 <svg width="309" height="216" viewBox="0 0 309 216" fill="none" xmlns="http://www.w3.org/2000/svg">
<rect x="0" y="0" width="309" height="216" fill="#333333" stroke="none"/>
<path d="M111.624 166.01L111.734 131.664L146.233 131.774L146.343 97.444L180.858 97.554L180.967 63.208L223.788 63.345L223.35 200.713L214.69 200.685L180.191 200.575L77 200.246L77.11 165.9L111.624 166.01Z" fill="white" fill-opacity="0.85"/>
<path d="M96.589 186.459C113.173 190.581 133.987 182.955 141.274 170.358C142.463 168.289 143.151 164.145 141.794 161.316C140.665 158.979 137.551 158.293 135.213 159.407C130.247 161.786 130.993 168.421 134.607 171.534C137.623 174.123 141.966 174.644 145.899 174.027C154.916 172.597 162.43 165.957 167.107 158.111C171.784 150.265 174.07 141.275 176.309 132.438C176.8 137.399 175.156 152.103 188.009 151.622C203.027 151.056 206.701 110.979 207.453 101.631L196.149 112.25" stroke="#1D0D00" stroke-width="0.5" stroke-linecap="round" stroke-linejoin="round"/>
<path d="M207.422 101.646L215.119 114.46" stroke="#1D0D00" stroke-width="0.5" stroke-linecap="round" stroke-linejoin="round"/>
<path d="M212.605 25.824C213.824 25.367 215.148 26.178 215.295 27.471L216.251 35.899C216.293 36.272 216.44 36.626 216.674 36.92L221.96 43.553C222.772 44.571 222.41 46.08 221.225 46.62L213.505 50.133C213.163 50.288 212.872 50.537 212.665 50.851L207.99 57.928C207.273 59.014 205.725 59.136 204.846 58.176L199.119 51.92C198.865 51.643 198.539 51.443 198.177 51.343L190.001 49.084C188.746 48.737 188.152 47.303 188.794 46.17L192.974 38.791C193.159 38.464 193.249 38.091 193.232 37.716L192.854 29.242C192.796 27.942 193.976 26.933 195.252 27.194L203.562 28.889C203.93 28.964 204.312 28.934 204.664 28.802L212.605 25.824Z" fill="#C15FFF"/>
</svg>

====

TASK DIRECTIONS | Return each line above exactly.

TASK SOLUTION |
 <svg width="309" height="216" viewBox="0 0 309 216" fill="none" xmlns="http://www.w3.org/2000/svg">
<rect x="0" y="0" width="309" height="216" fill="#333333" stroke="none"/>
<path d="M111.624 166.01L111.734 131.664L146.233 131.774L146.343 97.444L180.858 97.554L180.967 63.208L223.788 63.345L223.35 200.713L214.69 200.685L180.191 200.575L77 200.246L77.11 165.9L111.624 166.01Z" fill="white" fill-opacity="0.85"/>
<path d="M96.589 186.459C113.173 190.581 133.987 182.955 141.274 170.358C142.463 168.289 143.151 164.145 141.794 161.316C140.665 158.979 137.551 158.293 135.213 159.407C130.247 161.786 130.993 168.421 134.607 171.534C137.623 174.123 141.966 174.644 145.899 174.027C154.916 172.597 162.43 165.957 167.107 158.111C171.784 150.265 174.07 141.275 176.309 132.438C176.8 137.399 175.156 152.103 188.009 151.622C203.027 151.056 206.701 110.979 207.453 101.631L196.149 112.25" stroke="#1D0D00" stroke-width="0.5" stroke-linecap="round" stroke-linejoin="round"/>
<path d="M207.422 101.646L215.119 114.46" stroke="#1D0D00" stroke-width="0.5" stroke-linecap="round" stroke-linejoin="round"/>
<path d="M212.605 25.824C213.824 25.367 215.148 26.178 215.295 27.471L216.251 35.899C216.293 36.272 216.44 36.626 216.674 36.92L221.96 43.553C222.772 44.571 222.41 46.08 221.225 46.62L213.505 50.133C213.163 50.288 212.872 50.537 212.665 50.851L207.99 57.928C207.273 59.014 205.725 59.136 204.846 58.176L199.119 51.92C198.865 51.643 198.539 51.443 198.177 51.343L190.001 49.084C188.746 48.737 188.152 47.303 188.794 46.17L192.974 38.791C193.159 38.464 193.249 38.091 193.232 37.716L192.854 29.242C192.796 27.942 193.976 26.933 195.252 27.194L203.562 28.889C203.93 28.964 204.312 28.934 204.664 28.802L212.605 25.824Z" fill="#C15FFF"/>
</svg>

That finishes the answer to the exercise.